Credit Score?

Discussion in 'Starting a Lawn Care Business' started by ryan41, Jan 15, 2013.

  1. herler

    herler LawnSite Fanatic
    Messages: 5,139

    You're going into business you better go cash only or you'll ruin your and your co-signer's credit, then again it ain't no hair off my back, just one less competitor and I mean there's someone who won't come around again for a long time, so you do whatever you like.
  2. TuffTurfLawnCare

    TuffTurfLawnCare LawnSite Senior Member
    Messages: 667

    There is more to it than that. The fact is that an installment loan has relatively little impact on a credit score. Revolving credit is weighted more heavily than an installment loan. Even the amount of credit used vs the amount of credit available will effect your score. The old addage of, "unused credit cards will hurt your score" is wrong. Unused credit will help lower your utilization % thus help keep your score up. I have personally seen one incorrect reporting month on one of my cards drop my score 60 points. That dropped my score from Good to bad and it wasn't even my fault.

    Stop figuring and start learning. Much of what you hear or think about credit is incorrect. Did you know that unless you get your scores from a lender they are unreliable at best? And even still, different lenders will show different scores depending on which version of the report they pulled from any of the 4 credit bureaus?

    You need to repair the damage you have done in order to get your scores back up to a point where you can get your own credit. Again, this doesn't cost anything but postage and time. If you don't want to educate yourself nor take the time to repair the damage I suspect your time as a business owner will be short.
  3. ryan41

    ryan41 LawnSite Senior Member
    Messages: 326

    Hi - Thank you for the info. Could you send me a private message? I would like to know how i go about repairing the damage? All my equipment that i have now is all paid off including my truck. I am just growing more and in order to get more accounts i need another mower.
  4. grandview (2006)

    grandview (2006) LawnSite Gold Member
    Messages: 3,465

    Time. That is the biggest factor next to paying on time.Just learned a lesson as to what happens when you just pay cash all the time.
  5. Trophy05

    Trophy05 LawnSite Member
    Messages: 5

    I'd like to know this too. Mine is not as good as it needs to be due to a care free younger lifestyle. I've got a family now, time for a house and the rest of the American dream...
  6. grandview (2006)

    grandview (2006) LawnSite Gold Member
    Messages: 3,465

    Late payments stay on your credit report for 7 yrs. If you have 1 that is not to old call and sweet talk them to see if they will delete it
  7. dieselfuel

    dieselfuel LawnSite Member
    Messages: 114

    Does your trailer have space for your new mower? Or are you adding a crew in which you need one more of everything?

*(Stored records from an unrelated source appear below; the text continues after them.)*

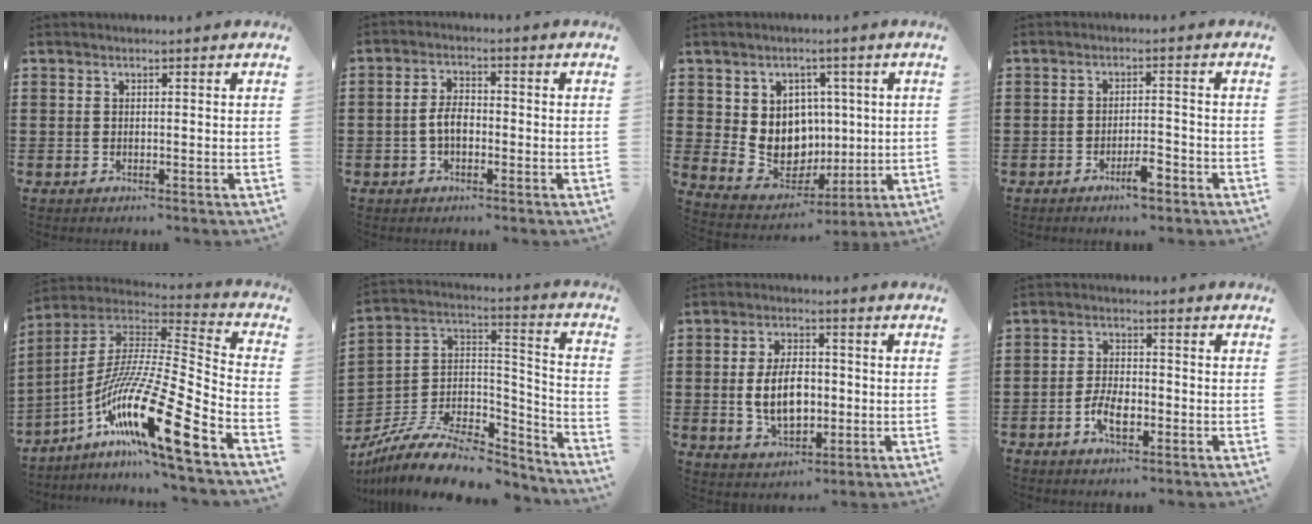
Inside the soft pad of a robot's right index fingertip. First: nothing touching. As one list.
[{"total": 3.8, "force": [-0.9, 2.1, 3.1], "torque": [-0.072, 0.002, -0.021]}, {"total": 8.1, "force": [1.5, 7.6, 2.4], "torque": [-0.054, -0.009, 0.037]}, {"total": 4.2, "force": [-2.7, 1.1, 3.1], "torque": [-0.055, 0.005, -0.050]}, {"total": 18.8, "force": [-10.7, 1.3, 15.4], "torque": [-0.312, 0.000, -0.201]}, {"total": 11.1, "force": [-7.6, 5.1, 6.3], "torque": [-0.127, 0.017, -0.139]}, {"total": 8.1, "force": [-0.6, 4.8, 6.5], "torque": [-0.124, 0.001, -0.018]}, {"total": 4.5, "force": [-1.9, 2.3, 3.5], "torque": [-0.072, 0.002, -0.036]}]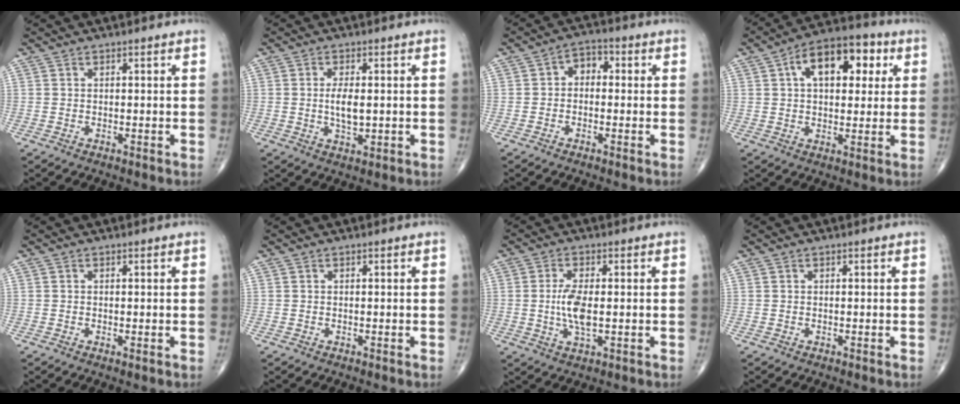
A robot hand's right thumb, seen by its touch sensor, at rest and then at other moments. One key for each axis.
{"total": 4.9, "fx": 0.0, "fy": 2.1, "fz": 4.4, "tx": -0.080, "ty": -0.007, "tz": 0.000}
{"total": 4.2, "fx": 0.0, "fy": 3.1, "fz": 2.9, "tx": -0.020, "ty": 0.017, "tz": -0.015}
{"total": 14.1, "fx": 4.3, "fy": 8.0, "fz": 10.8, "tx": -0.135, "ty": 0.018, "tz": 0.061}
{"total": 0.6, "fx": -0.1, "fy": 0.2, "fz": 0.6, "tx": -0.014, "ty": -0.004, "tz": -0.003}
{"total": 0.0}
{"total": 6.3, "fx": -0.2, "fy": 2.5, "fz": 5.8, "tx": -0.123, "ty": -0.007, "tz": -0.006}
{"total": 0.0}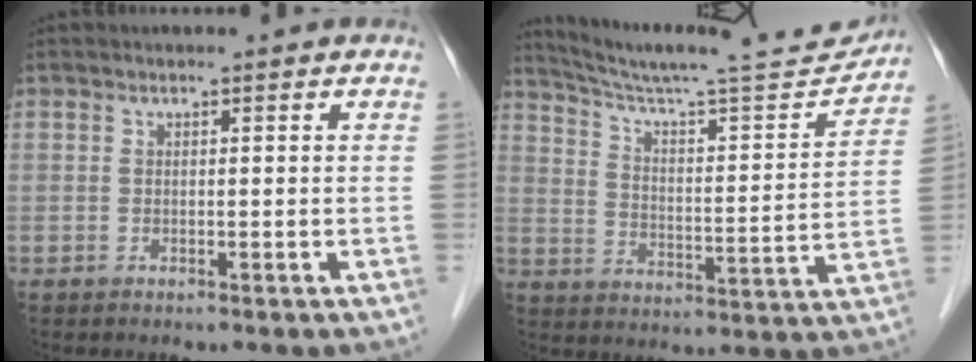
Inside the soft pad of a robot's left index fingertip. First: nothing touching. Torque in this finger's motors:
{"motor_torque": [0.40, -0.81, 0.02, 0.01]}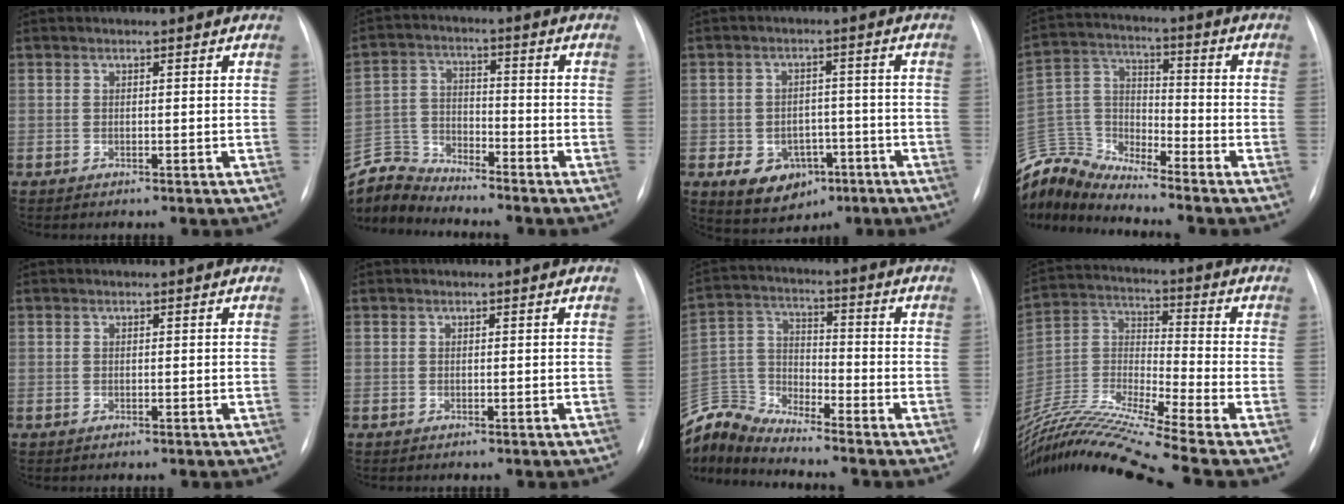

    Have you thought about simply having someone run your truck/trailer and do the labor, while you are doing sales? That will bring in more work....
  8. H & M Yard Improvements

    H & M Yard Improvements LawnSite Member
    Messages: 214

    If you need a new mower, I would suggest "cash only" as Herler said! Work on your existing credit yourself IE: paying off bills etc. get copies of your credit report (from all 3 credit agencies) and go through them line by line and handle it accordingly! I say all 3 because 1 company may have a blemish that another one would not. And also keep in mind and I could be wrong on this so if I am please someone correct me, every time a creditor or bank or whatever checks your history, it actually drops your rating a bit! So the less people you have checking you out the better you are. Go cash for everything for now until you know you have excellent credit!
    Posted via Mobile Device
  9. TuffTurfLawnCare

    TuffTurfLawnCare LawnSite Senior Member
    Messages: 667

    I can't send a PM yet, so I will post some info here, hopefully it doesn't break the rules.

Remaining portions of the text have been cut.